E para coroar, imagine você na final do Mundial de Clubes, torcedor do Palmeiras, e no jogo com o Bayern de Munique descobre várias mensagens do juiz coordenando os atacantes alemães e avisando que, se o jogador cair dentro da área, vai dar pênalti. E, como o torcedor costuma ser apaixonado, imagine que não é o Palmeiras na final do Mundial, mas o Cruzeiro, o Flamengo, o Corinthians, o Botafogo, ou o seu time de coração e o torcedor vendo o conluio entre o juiz, os bandeirinhas e o outro time. É esse o estrago que esse juiz de Curitiba e seus asseclas provocaram no processo penal e na Constituição.

Instrumentalizaram o Poder Judiciário e o Ministério Público Federal. Evidentemente que eles, é necessário ressaltar, não representam o Poder Judiciário ou o Ministério Público. A esmagadora maioria dos juízes e dos membros do Ministério Público é séria e comprometida com os valores constitucionais e democráticos. Esse bando de Curitiba armou tudo com uma estratégia com objetivos políticos. E mercadejaram com a toga esbofeteando o Poder Judiciário.
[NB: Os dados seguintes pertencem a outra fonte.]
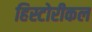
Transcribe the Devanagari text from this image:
हिस्टोरीकल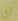
أي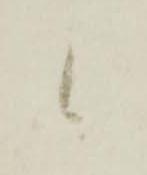
候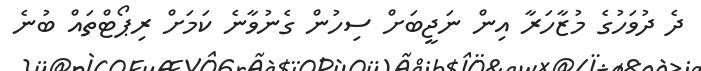
ދެ ދުވަހުގެ މުޒާހަރާ އިން ނަޖީބަށް ސިހުން ގެނުވާނެ ކަމަށް ރިޕޯޓްތައް ބުނެ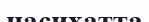
насихатта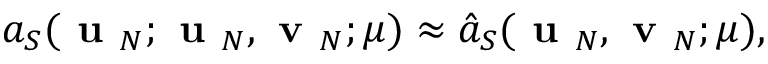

Causa ânsia de vômito ver a falta de limites do grupo para fraudar os processos. Com o apoio da grande mídia armavam estratégias, combinavam os passos a serem dados, vazavam criminosamente informações para influenciar a opinião pública, faziam acordos internacionais clandestinos sem a necessária instrumentalização formal, burlavam regras básicas de competência usurpando a competência de outros tribunais, inclusive do Supremo Tribunal Federal, desafiavam ordens superiores, enfim criaram um Código de Processo Penal de Curitiba e uma Constituição para chamarem de sua. Um escárnio. Um ultraje. Um acinte. Necessário nos socorrer a Baudelaire:

“Não sou acaso um falso acorde
Nessa divina sinfonia,
Graças a voraz Ironia
Que me sacode e que me morde?

Eu sou a faca e o talho atroz!
Eu sou o rosto e a bofetada!
Eu sou a roda e a mão crispada,
Eu sou a vítima e o algoz!

Sou um vampiro a me esvair
-Um destes tais abandonados
Ao risco eterno condenados
E que não podem mais sorrir!”

E neste momento de angústia e solidão do povo brasileiro, com a autoestima em baixa pela falta de ar que nos acomete, seja a falta de ar que vem da praga do vírus, seja a falta de ar por vivermos sob o jugo de um desgoverno, num momento em que a baixa humanidade geral provoca a sensação de baixa de imunidade e nos fragiliza a todos, ter acesso às entranhas desse golpe tramado em Curitiba nos causa profunda indignação. É necessário que todos nós nos empenhemos no esclarecimento cabal dessa trama que mudou os rumos do país. Sim, esse bando provocou mudanças no destino das pessoas. Este desgoverno que hoje nos fez pária internacional é filho direto do projeto de poder tramado em Curitiba.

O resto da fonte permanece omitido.